Acara ini secara resmi dibuka oleh Wakil Wali Kota Yogyakarta, Wawan Harmawan, yang dalam pidatonya menggugah mahasiswa untuk menjadi generasi yang tidak hanya kritis, tetapi juga produktif menciptakan peluang ekonomi bagi masyarakat.
Menurutnya, mahasiswa hari ini harus mampu melampaui batas ruang kelas dan menjadikan ilmu sebagai kekuatan perubahan sosial.
Sementara itu, keynote speech yang menggugah disampaikan oleh tokoh PWNU DIY, Gugun El Guyanie. Ia menegaskan bahwa mahasiswa Nahdlatul Ulama memiliki tanggung jawab sejarah untuk menjaga nilai keislaman, kebangsaan, dan tradisi intelektual yang menjadi fondasi kuat Indonesia.
“Mahasiswa NU harus menjadi pemimpin masa depan yang cerdas, berintegritas, dan berani berdiri di garda depan menjaga bangsa,” ujarnya.
Selama dua hari kegiatan, peserta digembleng dengan berbagai materi strategis. Ekonom sekaligus akademisi Edo Sagara mengajak mahasiswa membaca peluang ekonomi baru di tengah derasnya arus teknologi digital.
Sementara itu, materi kepemimpinan dan personal branding disampaikan oleh M. Faisal Dzulfahmi, yang menekankan pentingnya mahasiswa membangun identitas kepemimpinan kuat serta kemampuan komunikasi publik di era digital.

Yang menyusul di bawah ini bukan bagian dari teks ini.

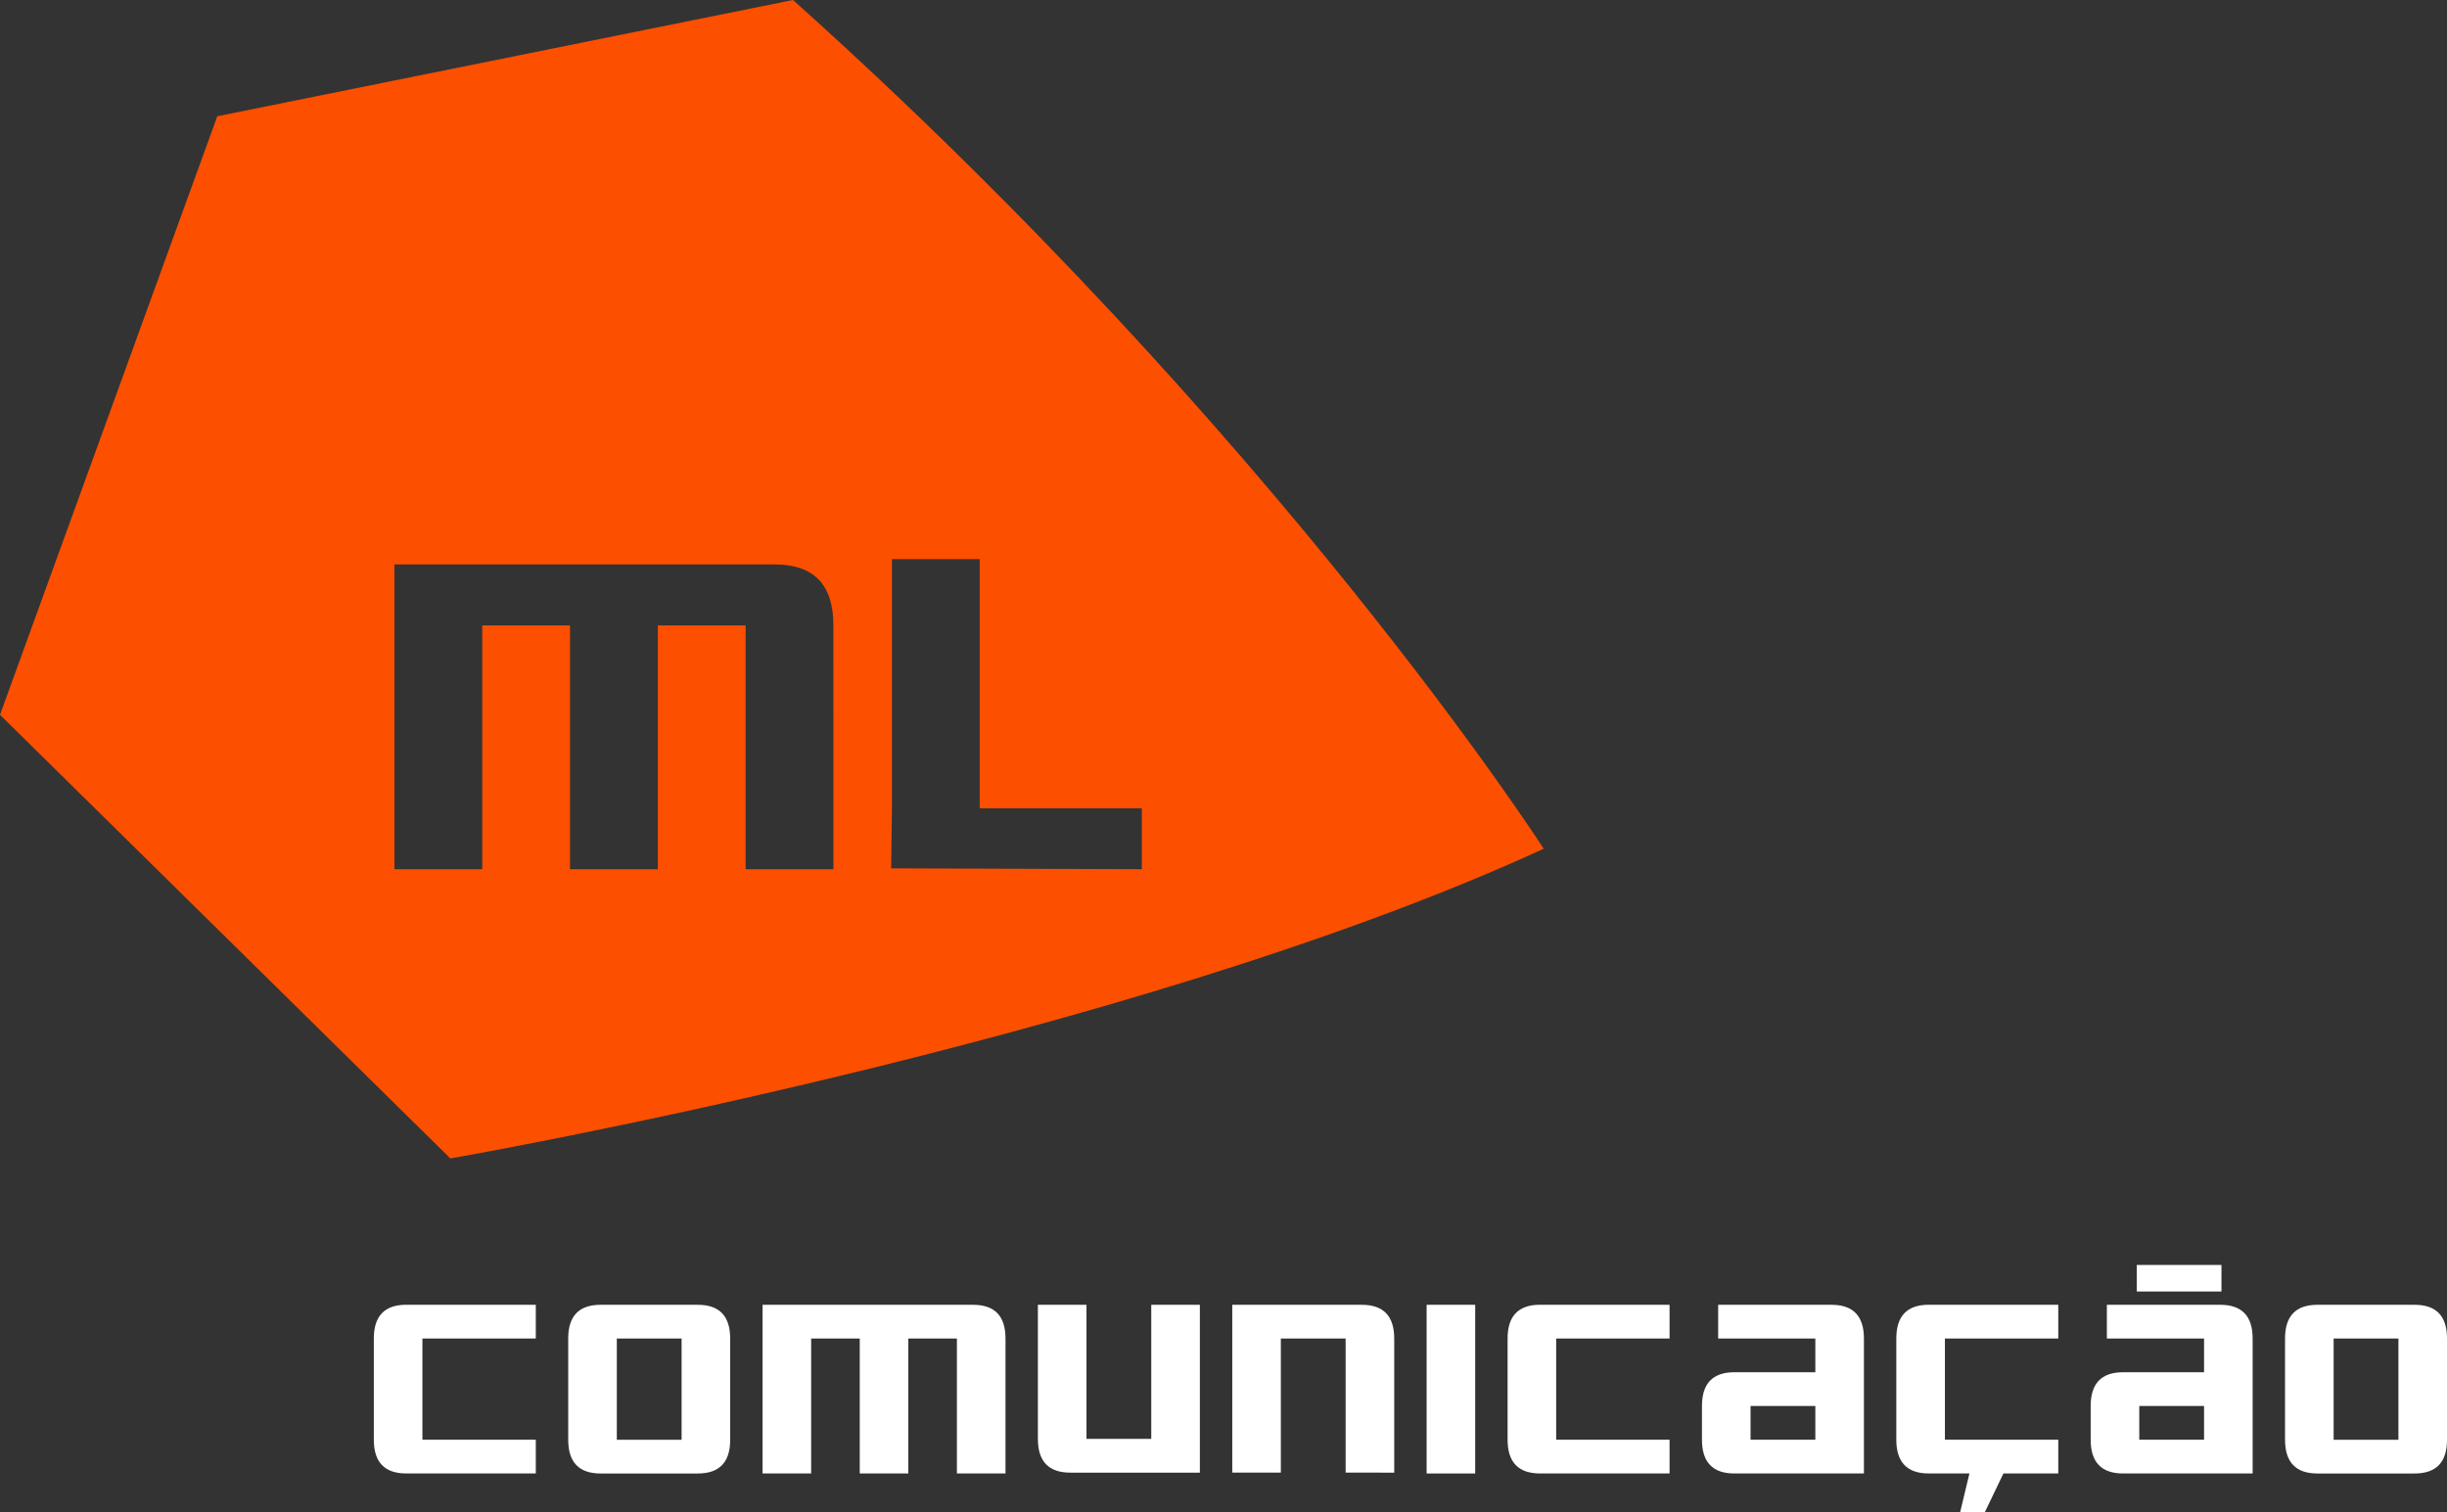 <svg xmlns="http://www.w3.org/2000/svg" width="288" height="178" viewBox="0 0 288 178">
  <rect x="0" y="0" width="288" height="178" fill="#333333" stroke="none"/>
  <g id="Objeto_Inteligente_de_Vetor" data-name="Objeto Inteligente de Vetor" transform="translate(-1105.911 -156.907)">
    <g id="Grupo_4" data-name="Grupo 4">
      <path id="Caminho_1" data-name="Caminho 1" d="M1199.247,156.907l-67.762,13.685-25.574,70.458,53.005,52.22s79.151-13.693,128.683-36.453C1287.6,256.817,1256.238,207.989,1199.247,156.907ZM1204,259.225h-10.333v-28.7h-10.332v28.7H1173v-28.7h-10.332v28.7h-10.332V223.348h44.773q6.888,0,6.888,7.174Zm6.794-.1.094-7.073V222.722h10.333v29.329H1240.3v7.175Z" fill="#fd4f00"/>
      <g id="Grupo_3" data-name="Grupo 3">
        <path id="Caminho_2" data-name="Caminho 2" d="M1168.971,326.382v3.971h-15.25q-3.813,0-3.813-3.971V314.467q0-3.969,3.813-3.971h15.25v3.971h-13.344v11.915Z" fill="#fff"/>
        <path id="Caminho_3" data-name="Caminho 3" d="M1176.6,310.5h11.438q3.811,0,3.813,3.971v11.915q0,3.971-3.813,3.971H1176.6q-3.812,0-3.813-3.971V314.467Q1172.784,310.5,1176.6,310.5Zm1.907,3.971v11.915h7.624V314.467Z" fill="#fff"/>
        <path id="Caminho_4" data-name="Caminho 4" d="M1220.44,310.5q3.814,0,3.813,3.971v15.885h-5.719V314.467h-5.719v15.885H1207.1V314.467h-5.719v15.885h-5.719V310.5Z" fill="#fff"/>
        <path id="Caminho_5" data-name="Caminho 5" d="M1233.785,310.5v15.785h7.624V310.5h5.72v19.757h-15.251q-3.812,0-3.813-3.972V310.5Z" fill="#fff"/>
        <path id="Caminho_6" data-name="Caminho 6" d="M1264.285,330.254V314.467h-7.625v15.786h-5.718V310.5h15.25q3.812,0,3.813,3.971v15.786Z" fill="#fff"/>
        <path id="Caminho_7" data-name="Caminho 7" d="M1279.535,310.5v19.856h-5.718V310.5Z" fill="#fff"/>
        <path id="Caminho_8" data-name="Caminho 8" d="M1302.41,326.382v3.971h-15.25q-3.812,0-3.813-3.971V314.467q0-3.969,3.813-3.971h15.25v3.971h-13.344v11.915Z" fill="#fff"/>
        <path id="Caminho_9" data-name="Caminho 9" d="M1319.568,318.44v-3.972H1308.13V310.5h13.343q3.815,0,3.813,3.971v15.885h-15.25q-3.811,0-3.813-3.971V322.41q0-3.971,3.813-3.971Zm-7.625,3.971v3.972h7.625V322.41Z" fill="#fff"/>
        <path id="Caminho_10" data-name="Caminho 10" d="M1348.16,326.382v3.971h-15.25q-3.812,0-3.813-3.971V314.467q0-3.969,3.813-3.971h15.25v3.971h-13.343v11.915Z" fill="#fff"/>
        <path id="Caminho_11" data-name="Caminho 11" d="M1365.318,318.44v-3.972H1353.88V310.5h13.343q3.814,0,3.813,3.971v15.885h-15.25q-3.812,0-3.813-3.971V322.41q0-3.971,3.813-3.971Zm-7.625,3.971v3.972h7.625V322.41Z" fill="#fff"/>
        <path id="Caminho_12" data-name="Caminho 12" d="M1378.661,310.5H1390.1q3.815,0,3.813,3.971v11.915q0,3.971-3.813,3.971h-11.438q-3.811,0-3.813-3.971V314.467Q1374.848,310.5,1378.661,310.5Zm1.907,3.971v11.915h7.625V314.467Z" fill="#fff"/>
        <rect id="Retângulo_1" data-name="Retângulo 1" width="9.966" height="3.124" transform="translate(1357.399 305.81)" fill="#fff"/>
        <g id="Grupo_2" data-name="Grupo 2">
          <g id="Grupo_1" data-name="Grupo 1">
            <path id="Caminho_13" data-name="Caminho 13" d="M1338.065,328.853h4.359l-2.906,6.054h-2.906Z" fill="#fff"/>
          </g>
        </g>
      </g>
    </g>
  </g>
</svg>

Tidak hanya membahas ide besar, kegiatan ini juga menghadirkan sosialisasi dari Polda DIY melalui perwakilan Binmas Ahmat Fauzi Mulyono, yang mengingatkan pentingnya peran mahasiswa dalam menjaga stabilitas sosial, toleransi, dan harmoni masyarakat.
Sebagai bentuk kepedulian sosial di bulan suci Ramadhan, peserta Ramadhan Incubation Camp menutup kegiatan dengan aksi nyata: turun ke jalan membagikan takjil kepada masyarakat.
Namun bagi Tegar Pradana, kegiatan ini bukanlah akhir. Justru ini menjadi awal lahirnya gagasan besar dari mahasiswa.
Para peserta akan melanjutkan program dengan menyusun kajian analisis kepemimpinan di sektor ekonomi serta merancang proposal bisnis yang nantinya akan diajukan kepada berbagai stakeholder.
Langkah ini diharapkan melahirkan generasi mahasiswa yang tidak hanya berani bersuara, tetapi juga mampu menghadirkan solusi nyata bagi masyarakat.
Ramadhan Incubation Camp pun menjadi pesan kuat bahwa dari ruang-ruang kampus, lahir energi baru mahasiswa yang berpikir tajam, bergerak berani, dan siap berdiri tegak di garis depan menjaga Indonesia.